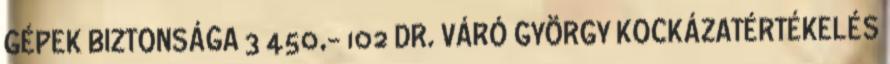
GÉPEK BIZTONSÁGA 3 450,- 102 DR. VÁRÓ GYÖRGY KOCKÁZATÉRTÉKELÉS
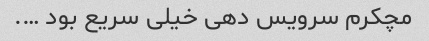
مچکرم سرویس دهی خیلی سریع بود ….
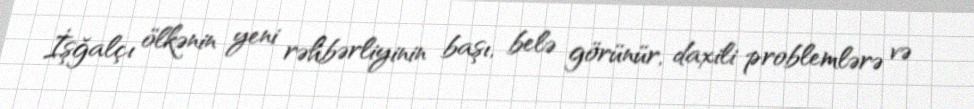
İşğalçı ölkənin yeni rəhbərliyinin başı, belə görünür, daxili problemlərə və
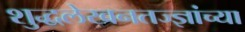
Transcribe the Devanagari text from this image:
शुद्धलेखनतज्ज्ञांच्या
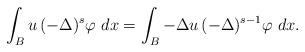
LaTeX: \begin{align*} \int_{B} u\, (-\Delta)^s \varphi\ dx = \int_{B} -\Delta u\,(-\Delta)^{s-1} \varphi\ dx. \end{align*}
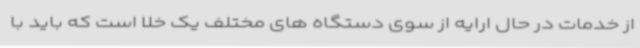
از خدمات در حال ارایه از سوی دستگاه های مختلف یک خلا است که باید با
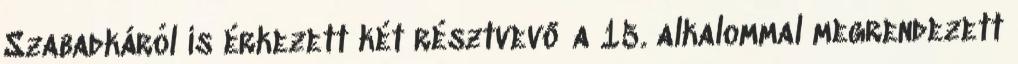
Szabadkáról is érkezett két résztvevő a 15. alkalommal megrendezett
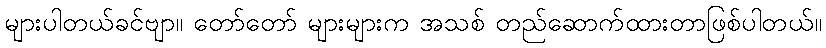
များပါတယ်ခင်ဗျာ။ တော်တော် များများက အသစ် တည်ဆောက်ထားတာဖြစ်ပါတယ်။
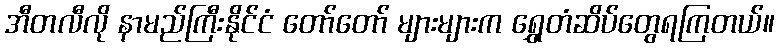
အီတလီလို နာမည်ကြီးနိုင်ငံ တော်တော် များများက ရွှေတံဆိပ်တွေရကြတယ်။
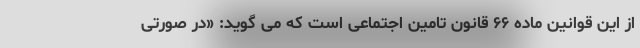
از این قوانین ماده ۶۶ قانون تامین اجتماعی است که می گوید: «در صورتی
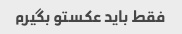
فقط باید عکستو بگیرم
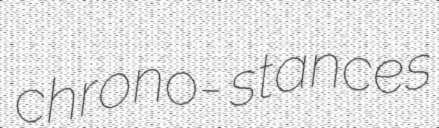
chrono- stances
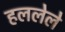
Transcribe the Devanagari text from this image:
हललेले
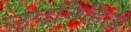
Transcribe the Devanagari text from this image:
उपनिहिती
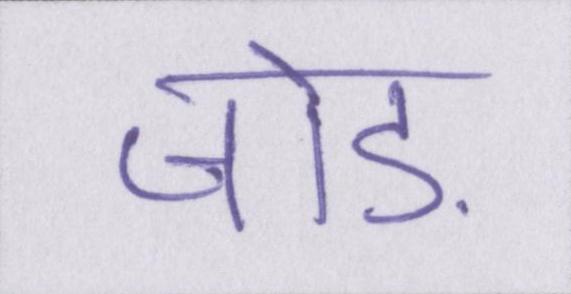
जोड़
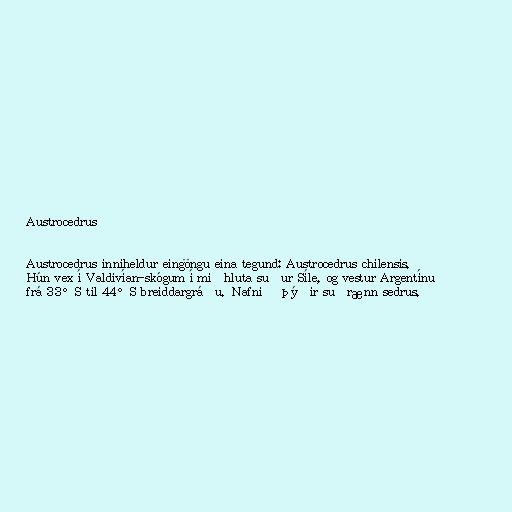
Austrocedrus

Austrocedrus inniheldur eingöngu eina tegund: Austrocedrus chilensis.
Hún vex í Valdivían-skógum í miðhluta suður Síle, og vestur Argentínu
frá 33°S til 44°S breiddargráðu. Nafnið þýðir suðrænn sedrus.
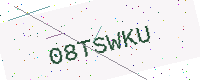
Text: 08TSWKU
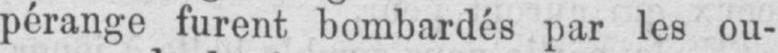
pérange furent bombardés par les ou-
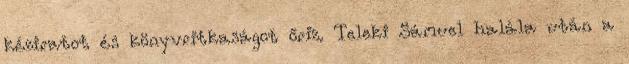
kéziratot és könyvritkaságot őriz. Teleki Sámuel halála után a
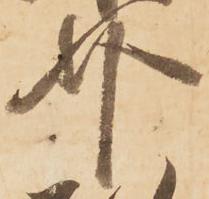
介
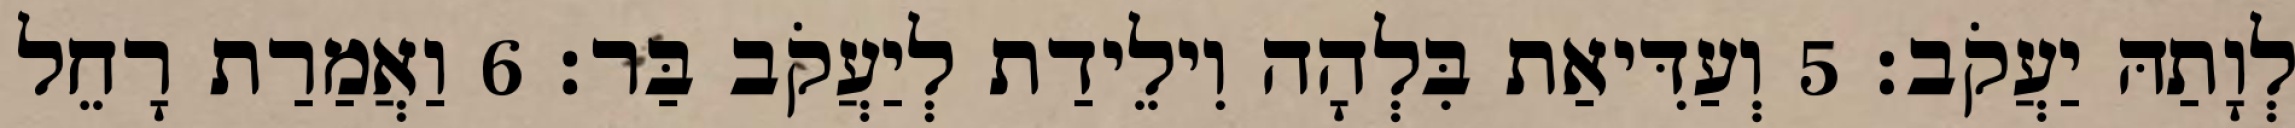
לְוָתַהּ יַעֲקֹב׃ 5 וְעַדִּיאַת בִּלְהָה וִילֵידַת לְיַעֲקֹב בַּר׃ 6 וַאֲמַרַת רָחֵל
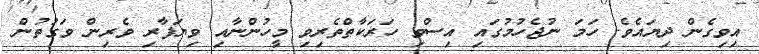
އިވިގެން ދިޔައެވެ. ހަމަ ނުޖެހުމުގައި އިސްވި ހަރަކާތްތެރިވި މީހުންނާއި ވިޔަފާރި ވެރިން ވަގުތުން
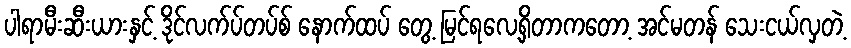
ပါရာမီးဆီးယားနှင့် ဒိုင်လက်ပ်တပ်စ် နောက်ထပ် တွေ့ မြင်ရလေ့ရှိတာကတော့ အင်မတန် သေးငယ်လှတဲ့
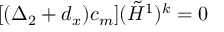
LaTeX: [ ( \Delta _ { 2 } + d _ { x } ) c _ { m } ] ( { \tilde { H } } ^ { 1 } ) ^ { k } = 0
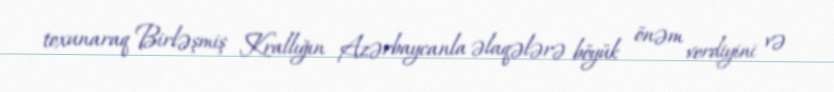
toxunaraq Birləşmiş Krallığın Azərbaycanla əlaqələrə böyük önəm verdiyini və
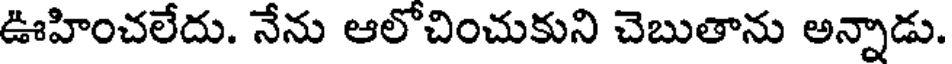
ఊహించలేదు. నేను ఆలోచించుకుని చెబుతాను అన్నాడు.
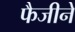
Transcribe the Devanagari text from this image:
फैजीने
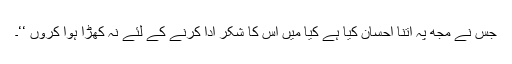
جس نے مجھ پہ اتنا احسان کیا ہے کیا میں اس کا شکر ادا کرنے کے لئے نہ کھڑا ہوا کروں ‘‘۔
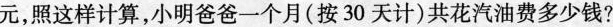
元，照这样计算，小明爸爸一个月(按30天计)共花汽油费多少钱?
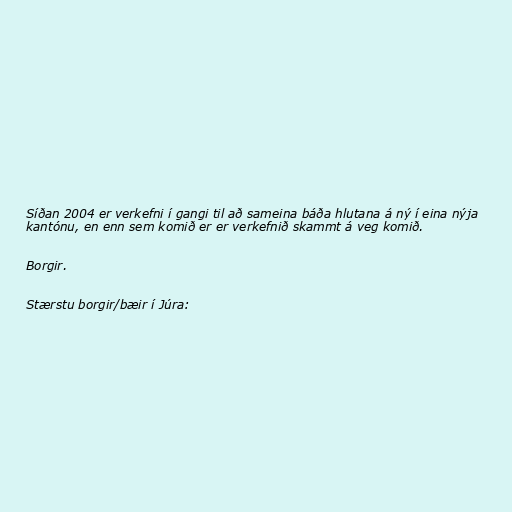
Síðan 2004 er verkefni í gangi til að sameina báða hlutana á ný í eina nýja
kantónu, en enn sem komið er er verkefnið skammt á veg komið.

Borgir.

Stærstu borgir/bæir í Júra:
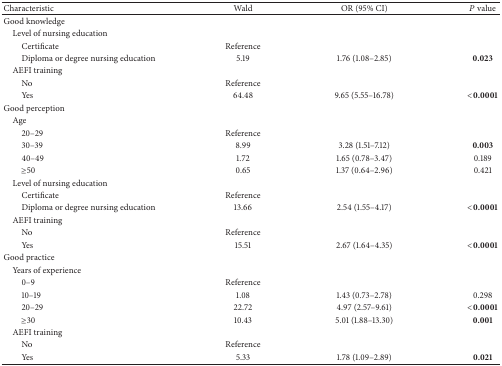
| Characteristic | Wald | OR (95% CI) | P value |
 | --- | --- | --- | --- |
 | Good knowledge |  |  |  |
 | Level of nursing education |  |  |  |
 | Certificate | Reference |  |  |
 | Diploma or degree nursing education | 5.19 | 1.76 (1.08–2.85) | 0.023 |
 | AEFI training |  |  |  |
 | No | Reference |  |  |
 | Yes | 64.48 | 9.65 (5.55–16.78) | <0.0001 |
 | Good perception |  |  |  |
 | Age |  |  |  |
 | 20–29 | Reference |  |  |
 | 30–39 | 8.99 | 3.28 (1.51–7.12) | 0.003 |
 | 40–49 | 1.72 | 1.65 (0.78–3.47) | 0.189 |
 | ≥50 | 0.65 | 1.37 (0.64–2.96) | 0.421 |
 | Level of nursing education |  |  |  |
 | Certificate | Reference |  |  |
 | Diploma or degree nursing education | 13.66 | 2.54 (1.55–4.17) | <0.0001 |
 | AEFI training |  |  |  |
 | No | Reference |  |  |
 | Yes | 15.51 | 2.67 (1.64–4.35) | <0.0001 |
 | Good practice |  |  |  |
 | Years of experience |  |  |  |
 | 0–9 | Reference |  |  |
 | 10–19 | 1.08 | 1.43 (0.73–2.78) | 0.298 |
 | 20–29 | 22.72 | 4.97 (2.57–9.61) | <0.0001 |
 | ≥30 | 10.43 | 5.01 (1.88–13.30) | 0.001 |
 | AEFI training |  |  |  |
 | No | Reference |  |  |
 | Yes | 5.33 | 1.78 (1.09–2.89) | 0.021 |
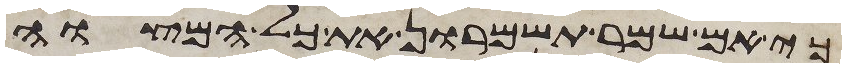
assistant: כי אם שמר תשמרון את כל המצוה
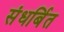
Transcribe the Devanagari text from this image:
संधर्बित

• • • • • • •

**TASK BRIEF**
Find all lines holding the word "LaTeX" in the records above and copy them.

**TASK RESULT**
LaTeX: \begin{align*} \int_{B} u\, (-\Delta)^s \varphi\ dx = \int_{B} -\Delta u\,(-\Delta)^{s-1} \varphi\ dx. \end{align*}
LaTeX: [ ( \Delta _ { 2 } + d _ { x } ) c _ { m } ] ( { \tilde { H } } ^ { 1 } ) ^ { k } = 0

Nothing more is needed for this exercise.